This appeal arises pursuant to the Texas Workers’ Compensation Act, TEX. LAB. CODE ANN. § 401.001 et seq. (1989 Act). A contested case hearing (CCH) was held on September 17, 2001. The hearing officer resolved the disputed issues by deciding that the appellant (claimant) is not entitled to supplemental income benefits (SIBs) for the first, second, and third quarters. The claimant appealed and the respondent (carrier) responded.
DECISION
The hearing officer’s decision is affirmed.
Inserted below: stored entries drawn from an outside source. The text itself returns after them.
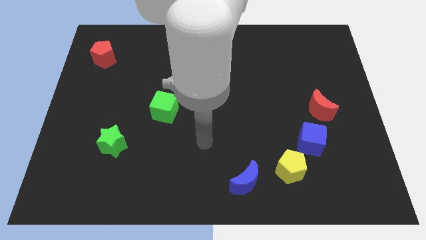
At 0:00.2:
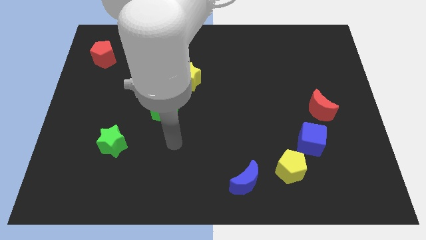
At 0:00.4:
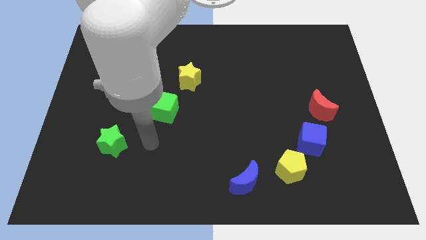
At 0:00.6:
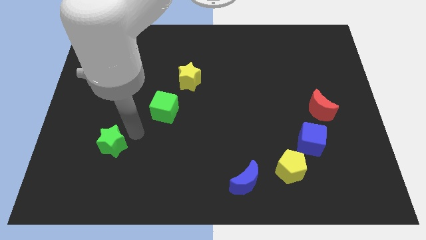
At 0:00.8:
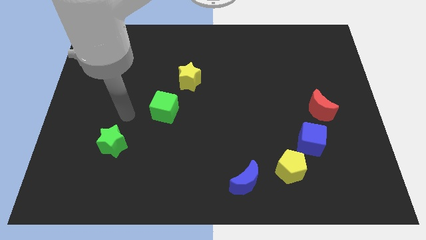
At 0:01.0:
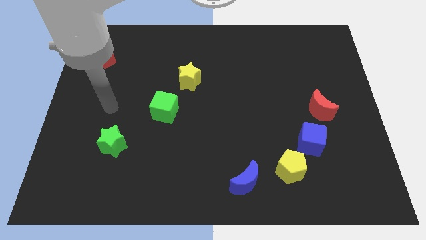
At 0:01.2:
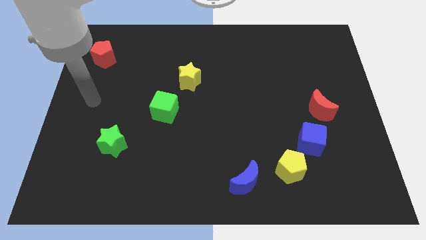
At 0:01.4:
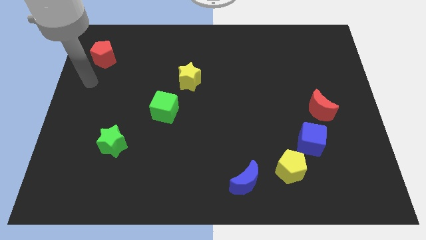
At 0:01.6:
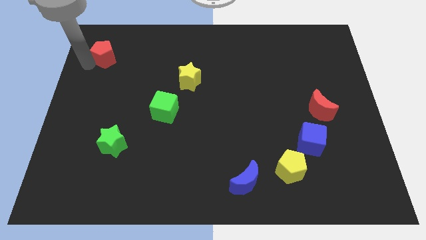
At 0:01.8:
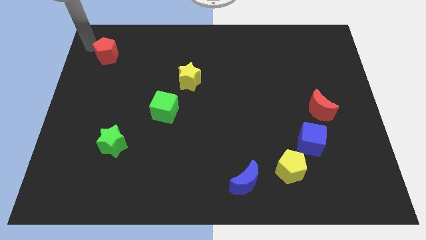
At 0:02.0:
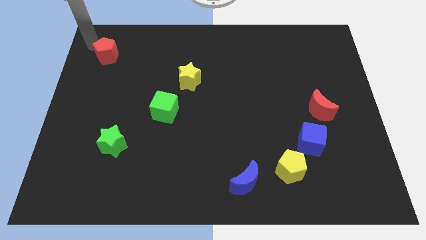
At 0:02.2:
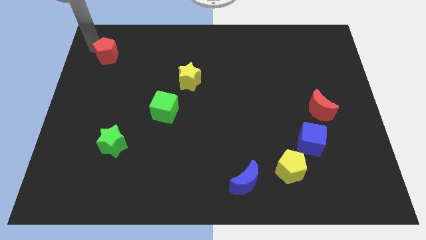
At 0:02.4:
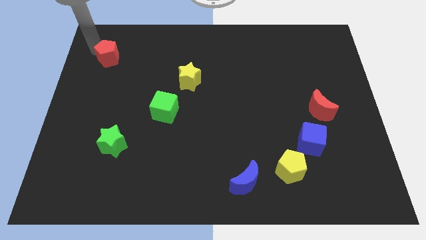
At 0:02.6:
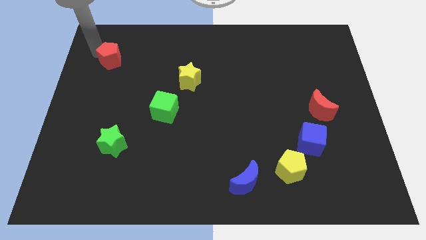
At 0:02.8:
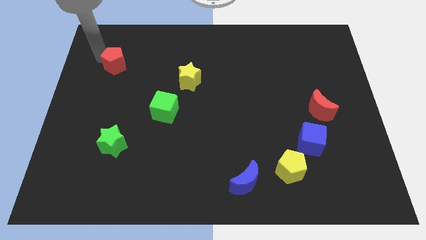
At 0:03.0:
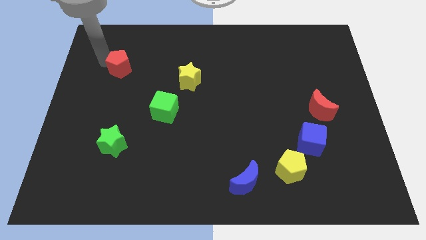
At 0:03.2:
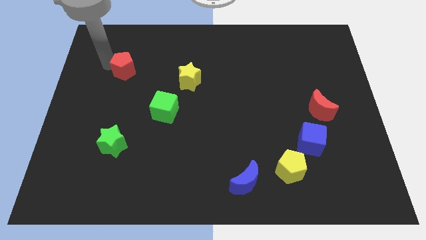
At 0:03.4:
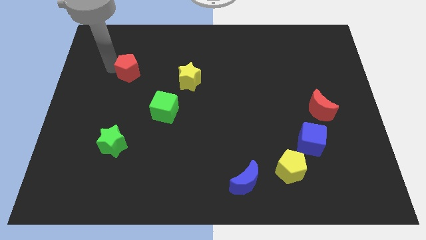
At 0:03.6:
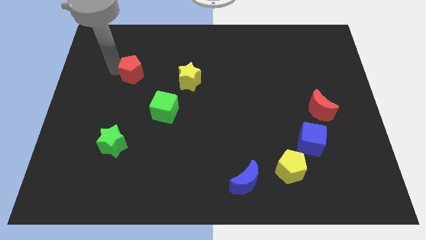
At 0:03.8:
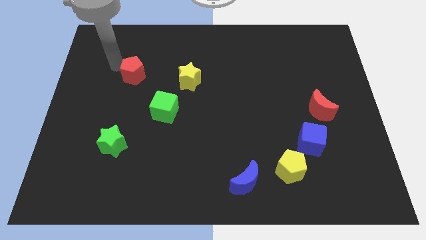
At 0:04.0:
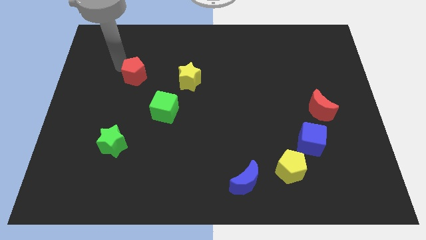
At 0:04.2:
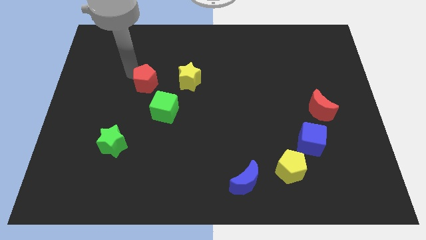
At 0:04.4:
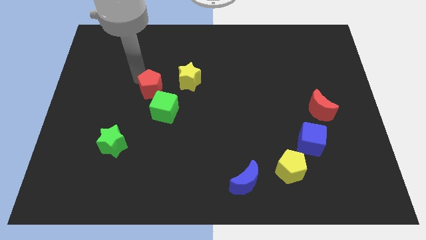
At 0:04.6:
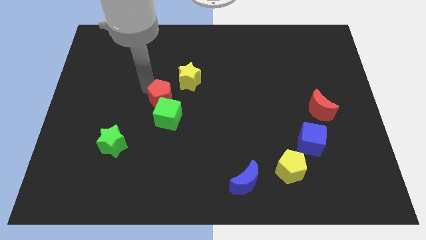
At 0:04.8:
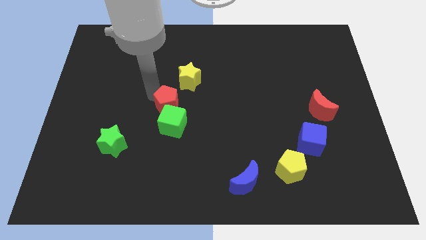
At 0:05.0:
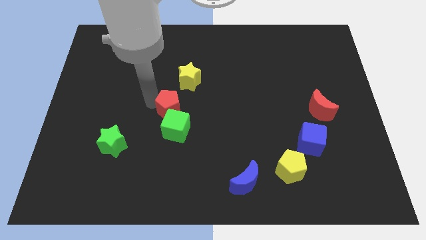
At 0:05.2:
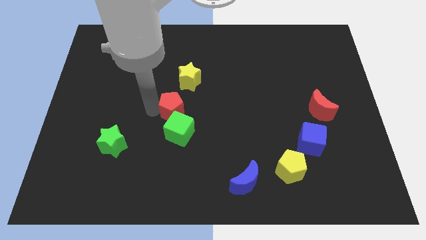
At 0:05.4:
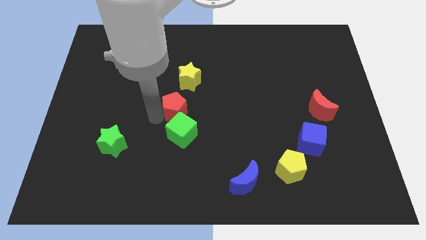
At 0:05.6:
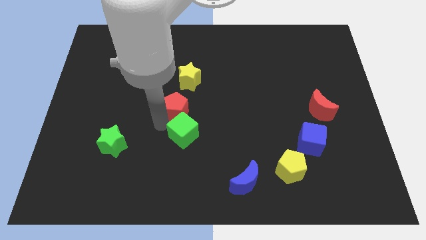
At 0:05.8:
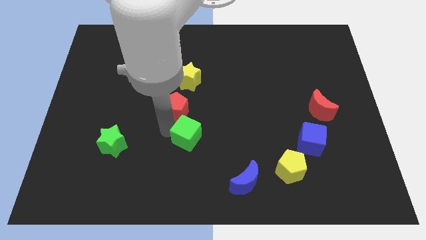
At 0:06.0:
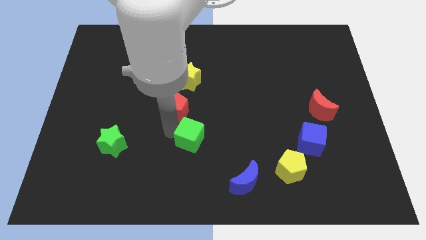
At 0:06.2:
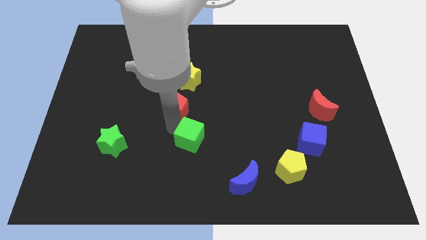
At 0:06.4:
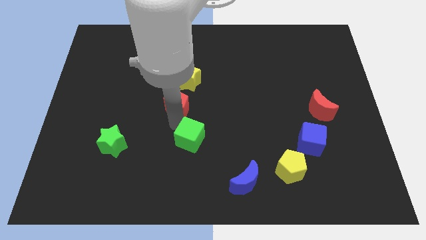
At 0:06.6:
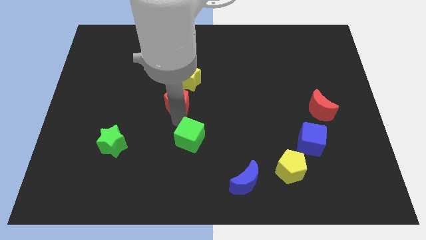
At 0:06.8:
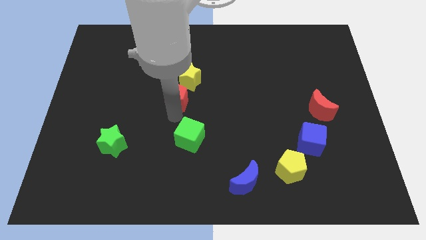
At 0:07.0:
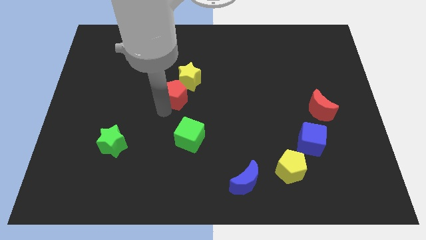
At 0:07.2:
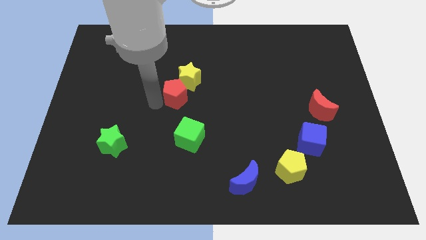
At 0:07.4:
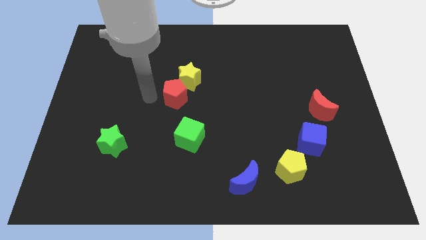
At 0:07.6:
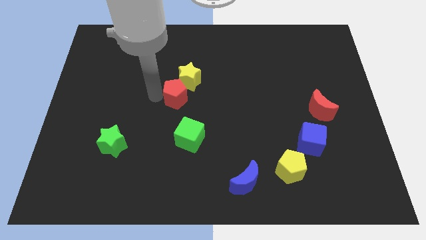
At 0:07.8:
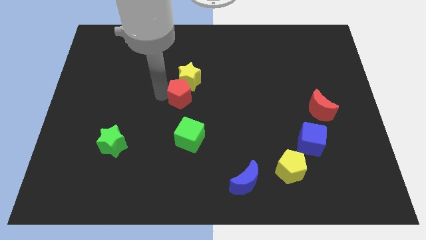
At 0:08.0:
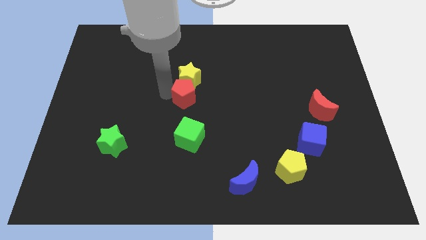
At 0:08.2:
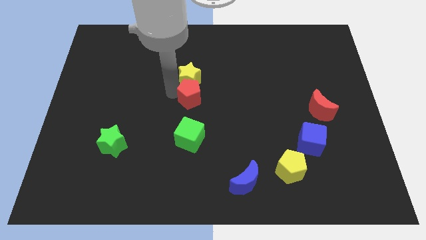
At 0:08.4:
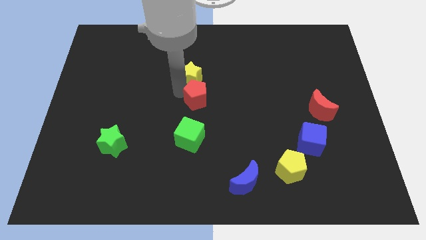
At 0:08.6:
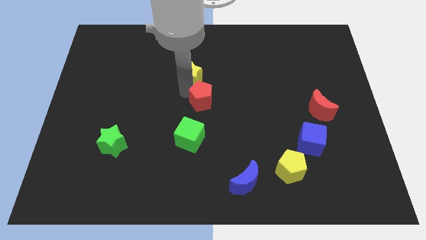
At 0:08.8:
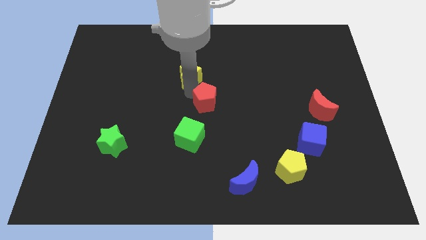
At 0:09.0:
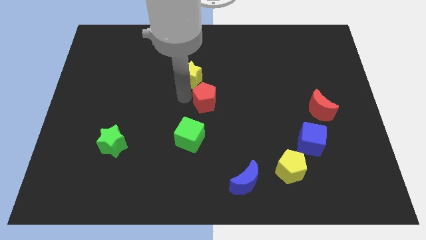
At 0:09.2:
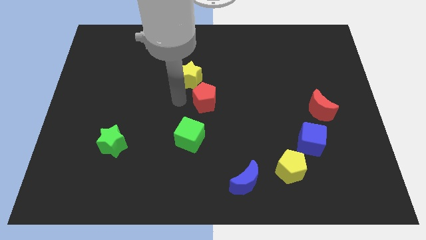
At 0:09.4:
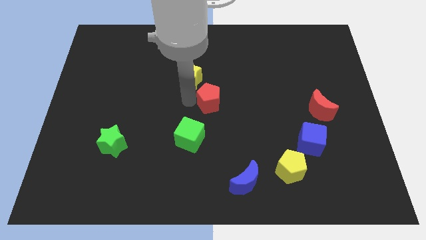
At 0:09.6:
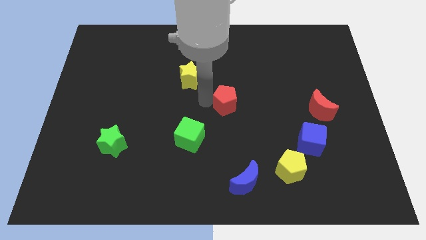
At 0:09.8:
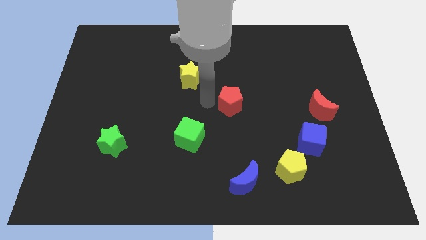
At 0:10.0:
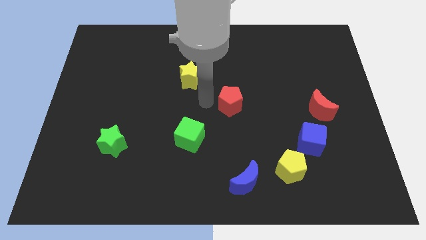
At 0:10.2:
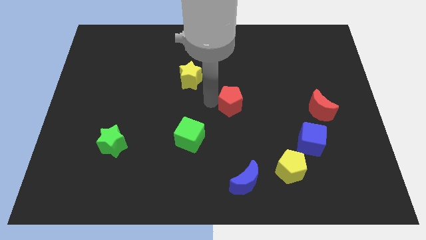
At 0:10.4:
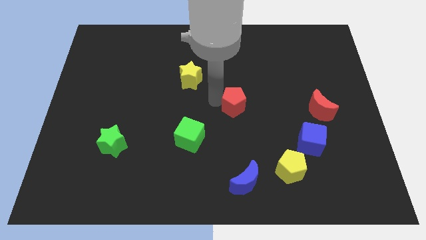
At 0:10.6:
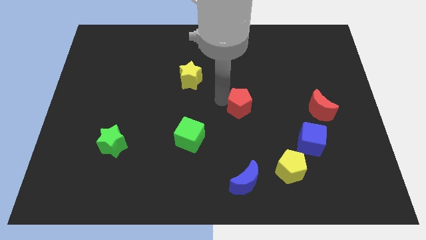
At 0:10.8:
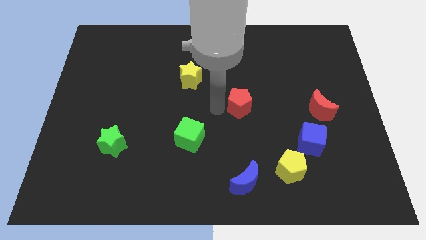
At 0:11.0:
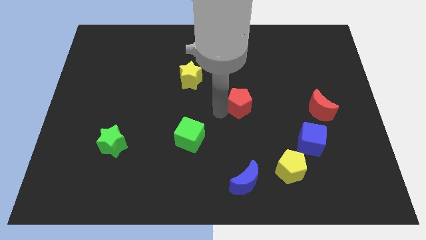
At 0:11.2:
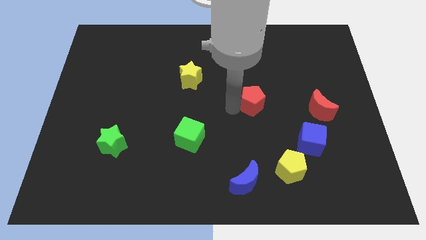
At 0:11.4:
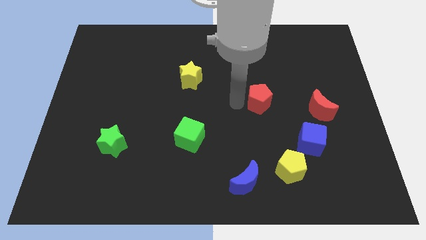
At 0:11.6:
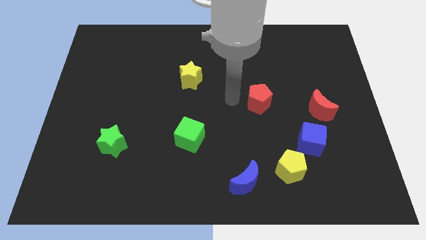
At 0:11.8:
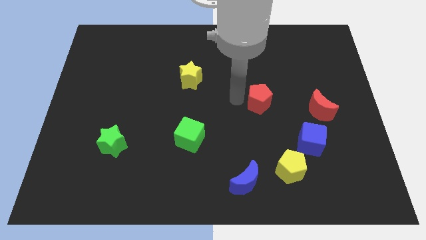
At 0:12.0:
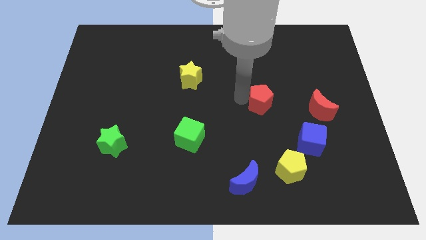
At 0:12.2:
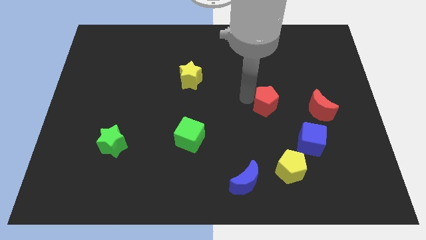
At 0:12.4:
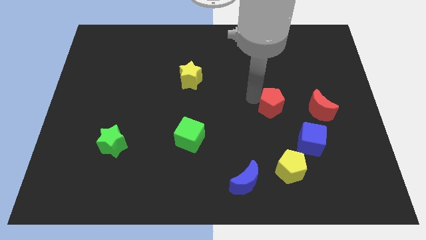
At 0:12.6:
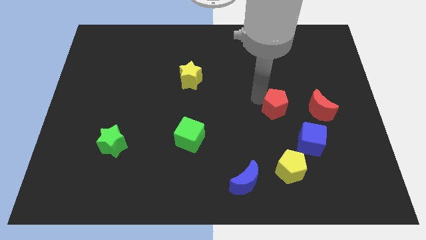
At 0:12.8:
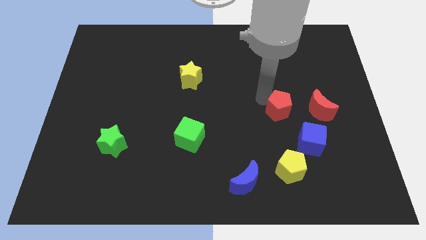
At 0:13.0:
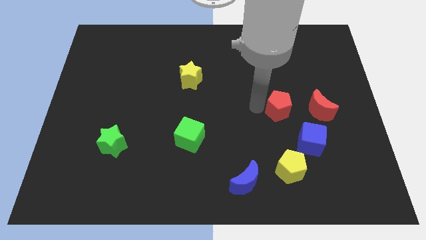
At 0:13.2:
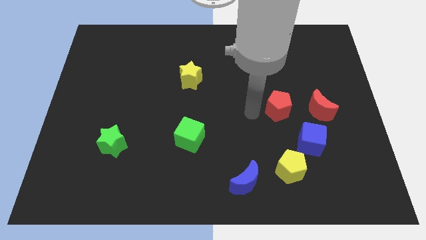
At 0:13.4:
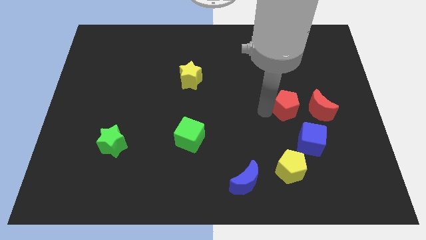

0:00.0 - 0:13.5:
move the red pentagon above the blue cube

Eligibility criteria for SIBs entitlement are set forth in Section 408.142(a) and Tex. W.C. Comm’n, 28 TEX. ADMIN. CODE. § 130.102 (Rule 130.102). The SIBs criterion in dispute is whether the claimant made a good faith effort to obtain employment commensurate with his ability to work during the qualifying periods for the first, second, and third quarters. The claimant testified that he had no ability to work during the relevant qualifying periods, but that he looked for work because he was pressured to do so by the carrier.
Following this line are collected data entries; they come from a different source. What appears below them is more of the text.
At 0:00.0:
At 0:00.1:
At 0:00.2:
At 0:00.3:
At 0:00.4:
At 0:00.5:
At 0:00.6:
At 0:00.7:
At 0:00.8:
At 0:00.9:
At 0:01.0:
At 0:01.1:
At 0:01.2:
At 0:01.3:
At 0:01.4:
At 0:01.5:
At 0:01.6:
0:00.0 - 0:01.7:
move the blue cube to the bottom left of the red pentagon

Rule 130.102(d)(4) provides that an injured employee has made a good faith effort to obtain employment commensurate with the employee’s ability to work if the employee has been unable to perform any type of work in any capacity, has provided a narrative report from a doctor which specifically explains how the injury causes a total inability to work, and no other records show that the injured employee is able to return to work. Rule 130.102(e) provides in part that, except as provided in subsection (d)(1), (2), (3), and (4) of Rule 130.102, an injured employee who has not returned to work and is able to return to work in any capacity shall look for employment commensurate with his or her ability to work every week of the qualifying period and document his or her job search efforts.
The claimant’s treating doctor reported that the claimant is unable to return to work because of his compensable injury and that the claimant needs rehabilitation and work hardening before he can return to work. The doctor who examined the claimant at the carrier’s request reported that the claimant should be able to perform light-duty work. The claimant did not document a job search for each week of the qualifying periods for the first and second quarters. The claimant did document a job search for each week of the qualifying period for the third quarter, but based on other evidence in the record, the hearing officer was not persuaded that the claimant actually made all of the job contacts listed or that he had actually searched for work each week of the qualifying period.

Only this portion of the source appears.